# name generator's



## thullgrim (Jan 26, 2004)

Looking for a good random name generator.  I know one of the board members has one but I can't for the life of me remember what it is or have a link to it.  I know there was a 'J' in the title.  Any help would be great.

Thanks
Thullgrim


----------



## annadobritt (Jan 26, 2004)

thullgrim said:
			
		

> Looking for a good random name generator.  I know one of the board members has one but I can't for the life of me remember what it is or have a link to it.  I know there was a 'J' in the title.  Any help would be great.
> 
> Thanks
> Thullgrim



JH NameGen Gold.  http://www.jhanson.com


----------



## evildmguy (Jan 26, 2004)

Greetings!

I use the Everchanging Book of Names and like that a lot.  I know of one other, which includes names for Arcana Unearthed, but I don't remember it off hand.  

Sorry no link on that second one.  Perhaps searching this site will help?

edg


----------



## evildmguy (Jan 26, 2004)

annadobritt said:
			
		

> JH NameGen Gold.  http://www.jhanson.com




Yep, that's it!  Thanks!

edg


----------



## thullgrim (Jan 26, 2004)

Thanks alot thats the one I meant.

Thull


----------



## annadobritt (Jan 26, 2004)

thullgrim said:
			
		

> Thanks alot thats the one I meant.
> 
> Thull



You're welcome.  I think it's the best name generator out there.


----------



## evildmguy (Jan 26, 2004)

Okay,

A little better compare and contrast.

JHNameGen takes a finite set of names and mashes them together to form the random names.  While this can get quite huge, quite fast (if you have first name and last name and 50 of each, that's 2500 names!) it is still a finite set.  

This isn't bad, that's not my point.  And, I think it is quite good for Tavern or ship names, which are usually easily remembered and probably often repeated between towns.  

However, for names, there are always going to be more names that you can add to the list, whether it is a different spelling or a new name altogether.  

EBoN creates random names, based on a specific rule set.  It also gives you this rule set, so that you can extend it to whatever you like.  I am not saying that it is easy to do this, it will take some work.  

I have seen the same name before.  How is this possible?  With EBoN, the program is creating names based on rules and probabilities.  Depening on the settings, it might be likely to see those names again.  Also, there are some rule sets that have very simple rules, which makes it more likely to see the same name again.  (If I knew the rule sets better, I would explain this better.)  It isn't as if you see the same name every 10th, more like every 100th if that often.  

It might be a good thing to have both.  Use EBoN to create a random set of names, then you don't have to make them up, and use JH NameGen to create the names from the created name set.  Or, use EBoN for person names and JHNG for ships, taverns and other more common names, where repeat is not only more likely but desirable by the owners.

I don't know that I am saying one is better than the other.  I merely wanted to explain more about them to the OP.  

I hope this helps!  

edg


----------



## MythosaAkira (Jan 27, 2004)

thullgrim said:
			
		

> Looking for a good random name generator.  I know one of the board members has one but I can't for the life of me remember what it is or have a link to it.  I know there was a 'J' in the title.  Any help would be great.
> 
> Thanks
> Thullgrim




<obligatory plug>

In addition to the other programs mentioned, TableSmith can be used as a random name generator.

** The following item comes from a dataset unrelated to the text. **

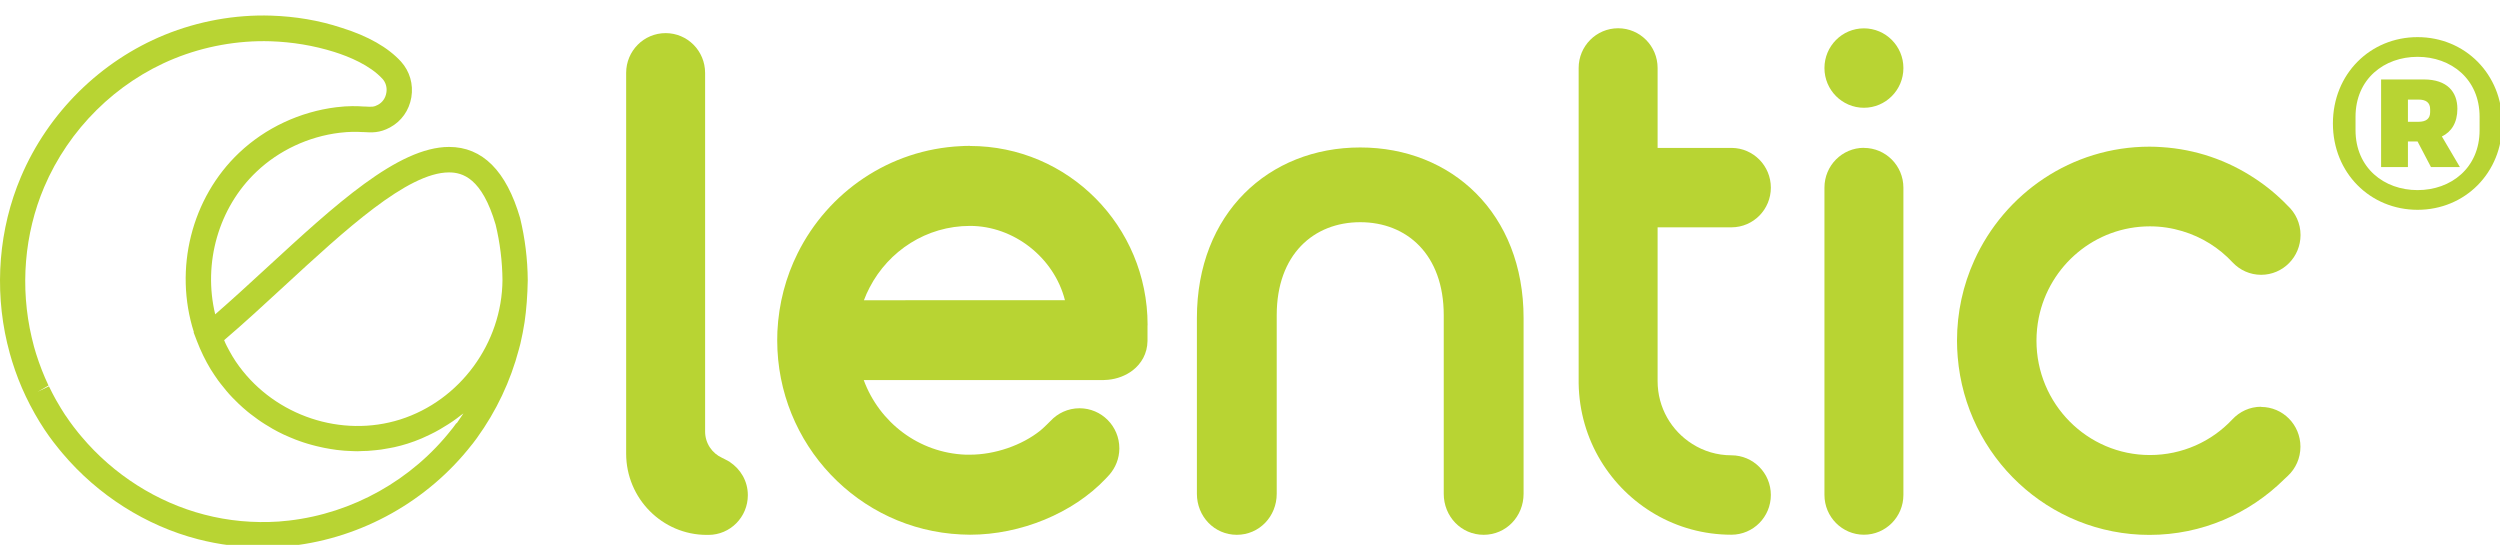 <svg xmlns="http://www.w3.org/2000/svg" width="141" height="31" viewBox="0 0 141 31" fill="none"><g clip-path="url(#clip0_0_338)"><path d="M25.742 23.858L25.668 23.963C25.624 24.028 25.574 24.088 25.53 24.148L25.48 24.208C23.239 27.07 19.895 28.946 16.298 29.36C16.139 29.375 15.981 29.395 15.823 29.405L15.729 29.415C14.299 29.509 12.879 29.38 11.513 29.021C8.861 28.332 6.407 26.776 4.602 24.631C4.542 24.562 4.483 24.487 4.423 24.417C4.329 24.297 4.235 24.178 4.141 24.058C3.993 23.863 3.85 23.664 3.716 23.459L3.681 23.415C3.518 23.165 3.355 22.901 3.192 22.612L3.167 22.572C3.023 22.312 2.885 22.048 2.761 21.789L2.118 22.098L2.736 21.744C2.464 21.17 2.232 20.572 2.039 19.963C1.955 19.704 1.88 19.42 1.806 19.105L1.791 19.046C1.123 16.203 1.371 13.19 2.489 10.557C3.879 7.285 6.551 4.637 9.826 3.305C11.528 2.612 13.408 2.272 15.249 2.327C16.486 2.367 17.693 2.567 18.841 2.926C19.697 3.195 20.864 3.679 21.567 4.442C21.76 4.651 21.844 4.946 21.789 5.24C21.74 5.534 21.567 5.779 21.314 5.913C21.092 6.033 20.983 6.033 20.577 6.008H20.523C20.137 5.983 19.662 5.963 18.964 6.048C16.916 6.302 14.967 7.215 13.487 8.617C10.791 11.17 9.801 15.175 10.934 18.731L10.92 18.746L11.103 19.225C11.32 19.794 11.583 20.332 11.884 20.831C11.884 20.836 11.889 20.841 11.894 20.846C12.023 21.05 12.156 21.25 12.295 21.445C12.34 21.509 12.389 21.569 12.438 21.634C12.542 21.769 12.651 21.903 12.76 22.033C12.815 22.098 12.869 22.158 12.923 22.223C13.047 22.357 13.171 22.492 13.304 22.617C13.349 22.662 13.388 22.706 13.433 22.746C13.606 22.911 13.784 23.07 13.967 23.22C14.017 23.26 14.066 23.295 14.111 23.335C14.254 23.445 14.398 23.554 14.546 23.659C14.615 23.709 14.68 23.754 14.749 23.799C14.888 23.893 15.031 23.978 15.175 24.063C15.239 24.103 15.308 24.143 15.372 24.183C15.57 24.297 15.778 24.402 15.986 24.502C16.001 24.507 16.016 24.517 16.03 24.522C16.238 24.617 16.451 24.706 16.664 24.791C16.738 24.821 16.812 24.846 16.881 24.871C17.035 24.926 17.193 24.981 17.351 25.026C17.431 25.05 17.51 25.075 17.594 25.095C17.762 25.14 17.935 25.185 18.108 25.22C18.168 25.235 18.232 25.25 18.291 25.26C18.524 25.305 18.757 25.345 18.989 25.375C19.049 25.38 19.113 25.385 19.177 25.395C19.355 25.415 19.533 25.43 19.711 25.434C19.796 25.434 19.875 25.439 19.959 25.445C20.033 25.445 20.102 25.45 20.177 25.45C20.256 25.45 20.34 25.445 20.419 25.439C20.528 25.439 20.632 25.434 20.741 25.43C20.889 25.42 21.042 25.405 21.191 25.39C21.295 25.38 21.394 25.37 21.497 25.355C21.661 25.33 21.824 25.3 21.987 25.27C22.071 25.255 22.16 25.24 22.245 25.22C22.492 25.165 22.739 25.1 22.987 25.021C23.259 24.936 23.521 24.836 23.783 24.726C23.867 24.691 23.947 24.651 24.031 24.612C24.204 24.532 24.377 24.452 24.545 24.362C24.639 24.312 24.728 24.258 24.822 24.208C24.976 24.118 25.124 24.028 25.273 23.933C25.362 23.873 25.456 23.814 25.545 23.754C25.688 23.654 25.832 23.549 25.97 23.439C26.024 23.395 26.084 23.36 26.138 23.315C26.015 23.504 25.886 23.694 25.752 23.883M16.045 16.123C19.459 12.976 22.987 9.724 25.322 9.724C26.084 9.724 27.182 10.033 27.954 12.671C28.201 13.694 28.33 14.746 28.34 15.794C28.315 19.36 25.94 22.592 22.571 23.659C19.256 24.706 15.55 23.454 13.492 20.666C13.354 20.482 13.225 20.287 13.106 20.088C12.993 19.898 12.889 19.704 12.785 19.504C12.76 19.454 12.735 19.405 12.711 19.35C12.686 19.295 12.666 19.24 12.641 19.185C13.774 18.218 14.932 17.15 16.05 16.118M29.765 15.794C29.755 14.622 29.616 13.46 29.334 12.297C28.558 9.639 27.212 8.287 25.327 8.287C22.442 8.287 18.875 11.579 15.09 15.06C14.116 15.958 13.121 16.871 12.137 17.729C11.444 14.846 12.315 11.719 14.472 9.679C15.734 8.482 17.396 7.704 19.147 7.489C19.726 7.42 20.107 7.43 20.449 7.449H20.503C20.968 7.479 21.409 7.504 21.992 7.19C22.636 6.846 23.076 6.228 23.2 5.489C23.323 4.751 23.11 4.023 22.621 3.479C21.888 2.676 20.76 2.033 19.271 1.569C17.99 1.145 16.654 0.926 15.288 0.881C13.25 0.816 11.177 1.195 9.292 1.963C5.67 3.44 2.712 6.362 1.178 9.983C-0.059 12.896 -0.331 16.227 0.406 19.36L0.426 19.434C0.51 19.784 0.594 20.093 0.673 20.342L0.688 20.392C0.896 21.061 1.153 21.724 1.455 22.357L1.48 22.407C1.618 22.696 1.767 22.986 1.945 23.3L1.969 23.345C2.138 23.644 2.316 23.933 2.504 24.218L2.538 24.267C2.687 24.492 2.845 24.711 3.013 24.931C3.112 25.065 3.216 25.195 3.325 25.325C3.389 25.405 3.459 25.484 3.523 25.564C5.517 27.928 8.233 29.654 11.167 30.412C12.364 30.721 13.596 30.876 14.843 30.876C15.175 30.876 15.506 30.866 15.838 30.841L15.936 30.831C16.11 30.816 16.283 30.801 16.461 30.781C20.434 30.327 24.13 28.253 26.603 25.09L26.653 25.03C26.707 24.961 26.767 24.886 26.811 24.821L26.9 24.701C27.994 23.185 28.79 21.504 29.265 19.704L29.29 19.609C29.305 19.549 29.325 19.489 29.339 19.424L29.354 19.365C29.443 18.981 29.523 18.582 29.587 18.163C29.691 17.445 29.75 16.662 29.765 15.823V15.769V15.794Z" fill="#B8D433"></path><path d="M93.489 12.821H97.67C98.892 12.811 99.876 11.814 99.876 10.582C99.876 9.35 98.887 8.352 97.67 8.342H93.489V3.834C93.489 2.597 92.495 1.594 91.263 1.594C90.031 1.594 89.036 2.597 89.036 3.834V21.489C89.036 21.489 89.036 21.614 89.036 21.624C89.061 23.22 89.511 24.711 90.283 25.988C91.797 28.487 94.528 30.158 97.65 30.158C98.882 30.158 99.876 29.155 99.876 27.918C99.876 26.681 98.882 25.679 97.65 25.679C96.838 25.679 96.086 25.445 95.448 25.041C94.271 24.302 93.489 22.996 93.489 21.494V12.821Z" fill="#B8D433"></path><path d="M105.126 1.599C103.894 1.599 102.899 2.602 102.899 3.839C102.899 5.075 103.899 6.078 105.126 6.078C106.353 6.078 107.352 5.075 107.352 3.839C107.352 2.602 106.353 1.599 105.126 1.599Z" fill="#B8D433"></path><path d="M105.126 8.337C103.894 8.337 102.899 9.34 102.899 10.582V27.913C102.899 29.155 103.899 30.158 105.126 30.158C106.353 30.158 107.352 29.155 107.352 27.913V10.587C107.352 9.345 106.353 8.342 105.126 8.342" fill="#B8D433"></path><path d="M127.528 22.941C126.885 22.941 126.311 23.215 125.9 23.659C124.733 24.901 123.08 25.664 121.255 25.664C117.722 25.664 114.857 22.776 114.857 19.215C114.857 18.771 114.902 18.337 114.986 17.918C115.58 14.976 118.162 12.766 121.255 12.766C121.888 12.766 122.501 12.861 123.08 13.036C124.184 13.365 125.163 13.983 125.925 14.806C126.331 15.235 126.9 15.499 127.528 15.499C128.755 15.499 129.75 14.497 129.75 13.255C129.75 12.597 129.468 12.008 129.022 11.599C128.458 11.011 127.825 10.487 127.142 10.043C125.618 9.041 123.837 8.417 121.913 8.297C121.69 8.282 121.463 8.272 121.235 8.272C116.837 8.272 113.057 10.906 111.345 14.696C110.721 16.078 110.375 17.604 110.375 19.22C110.375 19.529 110.39 19.834 110.415 20.138C110.875 25.754 115.54 30.168 121.23 30.168C124.194 30.168 126.875 28.966 128.834 27.026C128.864 26.996 129.003 26.866 129.037 26.836C129.473 26.427 129.745 25.843 129.745 25.195C129.745 23.953 128.75 22.951 127.523 22.951" fill="#B8D433"></path><path d="M136.351 11.833C139.022 11.833 141.126 9.753 141.126 6.963C141.126 4.174 139.022 2.094 136.351 2.094C133.68 2.094 131.576 4.174 131.576 6.963C131.576 9.753 133.68 11.833 136.351 11.833ZM136.351 10.722C134.46 10.722 132.852 9.469 132.852 7.341V6.585C132.852 4.458 134.46 3.205 136.351 3.205C138.242 3.205 139.849 4.458 139.849 6.585V7.341C139.849 9.469 138.242 10.722 136.351 10.722ZM135.807 7.98H136.351L137.107 9.422H138.738L137.722 7.696C138.265 7.436 138.596 6.916 138.596 6.136C138.596 5.19 138.029 4.481 136.705 4.481H134.294V9.422H135.807V7.98ZM135.807 6.869V5.616H136.398C136.823 5.616 137.06 5.781 137.06 6.16V6.325C137.06 6.703 136.823 6.869 136.398 6.869H135.807Z" fill="#B8D433"></path><path d="M51.064 16.936H48.724C48.818 16.686 48.926 16.442 49.05 16.208C50.119 14.153 52.246 12.741 54.71 12.741C57.174 12.741 59.45 14.522 60.063 16.931H51.064V16.936ZM54.71 8.228C54.537 8.228 54.364 8.228 54.196 8.242C50.158 8.432 46.7 10.841 44.988 14.282C44.32 15.619 43.92 17.115 43.845 18.696C43.84 18.861 43.835 19.026 43.835 19.19C43.835 25.07 48.432 29.873 54.201 30.143C54.369 30.153 54.542 30.158 54.71 30.158C57.57 30.158 60.509 28.946 62.349 27.011C62.389 26.971 62.567 26.771 62.572 26.771C62.913 26.377 63.126 25.868 63.131 25.305C63.131 25.3 63.131 25.29 63.131 25.285C63.131 24.038 62.127 23.026 60.885 23.026C60.237 23.026 59.653 23.305 59.242 23.749C59.232 23.759 58.861 24.133 58.683 24.277C57.629 25.125 56.096 25.644 54.71 25.644C54.626 25.644 54.547 25.644 54.463 25.644C51.816 25.544 49.59 23.819 48.714 21.434H62.26C62.339 21.434 62.419 21.43 62.498 21.42C63.012 21.37 63.492 21.185 63.873 20.896C64.378 20.512 64.709 19.933 64.719 19.235V19.21V18.377L64.724 18.327C64.724 12.751 60.242 8.233 54.71 8.233" fill="#B8D433"></path><path d="M76.717 8.317C71.557 8.317 67.505 12.033 67.505 17.938V27.849C67.505 29.13 68.49 30.163 69.756 30.163C71.023 30.163 72.007 29.13 72.007 27.849V17.774C72.007 14.347 74.095 12.532 76.717 12.532C79.34 12.532 81.427 14.347 81.427 17.774V27.849C81.427 29.13 82.412 30.163 83.678 30.163C84.945 30.163 85.93 29.13 85.93 27.849V17.938C85.93 12.033 81.873 8.317 76.717 8.317Z" fill="#B8D433"></path><path d="M41.158 26.048C41.03 25.973 40.728 25.823 40.728 25.823C40.164 25.569 39.768 25.001 39.768 24.337V4.113C39.768 2.871 38.774 1.868 37.542 1.868C36.31 1.868 35.315 2.871 35.315 4.113V24.088C35.315 24.088 35.315 24.118 35.315 24.138V25.584C35.315 28.113 37.354 30.168 39.862 30.168H39.956C41.183 30.168 42.178 29.165 42.178 27.928C42.178 27.135 41.767 26.452 41.154 26.053" fill="#B8D433"></path></g><defs><clipPath id="clip0_0_338"><rect width="141" height="30" fill="white" transform="translate(0 0.729)"></rect></clipPath></defs></svg>

I say "can be" because it's not a name generator, but an all-purpose generator for pretty much anything: names, treasure, towns, calendars, books, weather, NPC backgrounds, herbs, shop inventories, etc.

The Table Gallery includes a number of fantastic and historic name tables, and the TableSmith Yahoo group has a bunch more as well.

</obligatory plug>


----------



## DaveStebbins (Jan 27, 2004)

I have to add another recommendation for the Everchanging Book of Names. It is simply awesome.

With seed names from a specific country or culture, it can produce new names with a similar cadence and feel (using the scientific rules evildmguy mentioned). There are dozens of real-world seed name files and also a bunch from different flavors of fantasy and sci-fi literature.

Having distinct sounding names for each region in your world makes a huge difference and makes it much easier to get across the feel of an area to your players. EBoN makes it easy to have lists of hundreds of names available for each region. Whenever you happen to need one, just grab one from the lists you made.

It's really not very difficult at all to create new seed name files; I've done it myself more than once (though it was years ago, just before a major upgrade - SOMEDAY, when I have the time, I've got to go back and re-generate those name lists to make them more accurate to the original sources).

I've never used JHNamegen, so I can't give a useful opinion on it.

TableSmith is a great tool with dozens of useful pre-made tables. I recommend it very highly. IMO, it is the Swiss Army knife of gaming utilities.

But for generating names, nothing comes close to EBoN in my book.

-Dave
(edit - better explanation and formatting of my response)


----------



## Phaedrus (Jan 30, 2004)

http://www.nbos.com/
Inspiration Pad Pro

I just downloaded it and haven't had a chance to play with it, but (1) it's free and (2) the rules look complex--good or bad depending on your perspective, but it looks very customizable.

I, too, like EBoN.

Try this one, too:
http://www.fortunecity.com/rivendell/knights/224/#Name Generator
I've been using it for years, primarily because it is VERY easy to customize.


----------



## MythosaAkira (Jan 30, 2004)

Phaedrus said:
			
		

> Try this one, too:
> http://www.fortunecity.com/rivendell/knights/224/#Name Generator
> I've been using it for years, primarily because it is VERY easy to customize.




Wow, I haven't see that program in years! 

"Name Generator" is actually an early ancestor of TableSmith. It was my attempt to create a Windows-based version of the "Name Synthesizer" program from Logicrucible (anyone remember them?). It's evolved quite a bit since then...


----------



## Chaz (Jan 30, 2004)

I have to say I like TableSmith also. Its a HIGHLY useful program in so many ways i cant even count them all. I do also have JHNamegen Gold. Its a real nice program to. The inspiration pad from NBos is also a nice program, and its free.

But TableSmith is a program every roleplayer/DM should have on their computer.

Peace


----------